### Task goal
Give back only the line containing "main class: Grassland" and every line after it through the end of the data below, transcribed exactly.

### Data provided

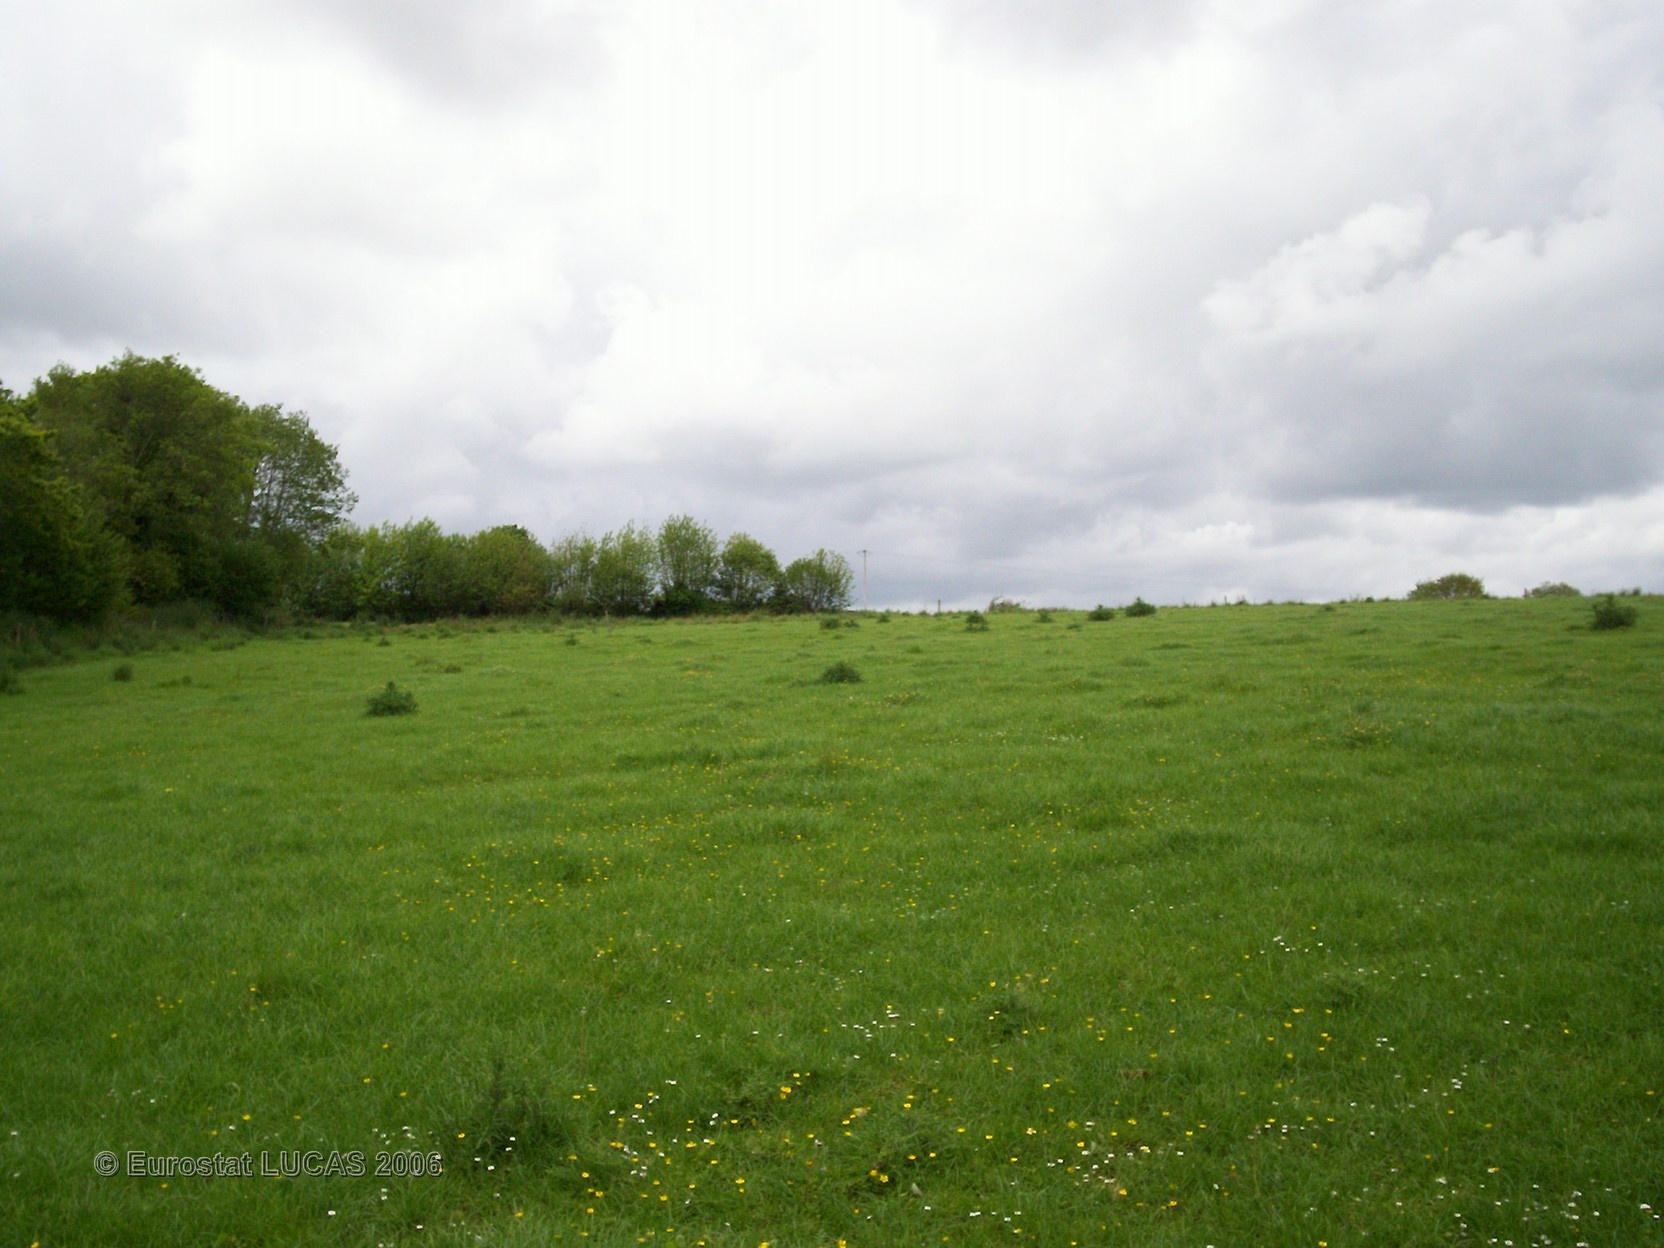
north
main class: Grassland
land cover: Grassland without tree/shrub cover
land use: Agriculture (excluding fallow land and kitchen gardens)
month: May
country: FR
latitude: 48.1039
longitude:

### Answer to this problem
main class: Grassland
land cover: Grassland without tree/shrub cover
land use: Agriculture (excluding fallow land and kitchen gardens)
month: May
country: FR
latitude: 48.1039
longitude:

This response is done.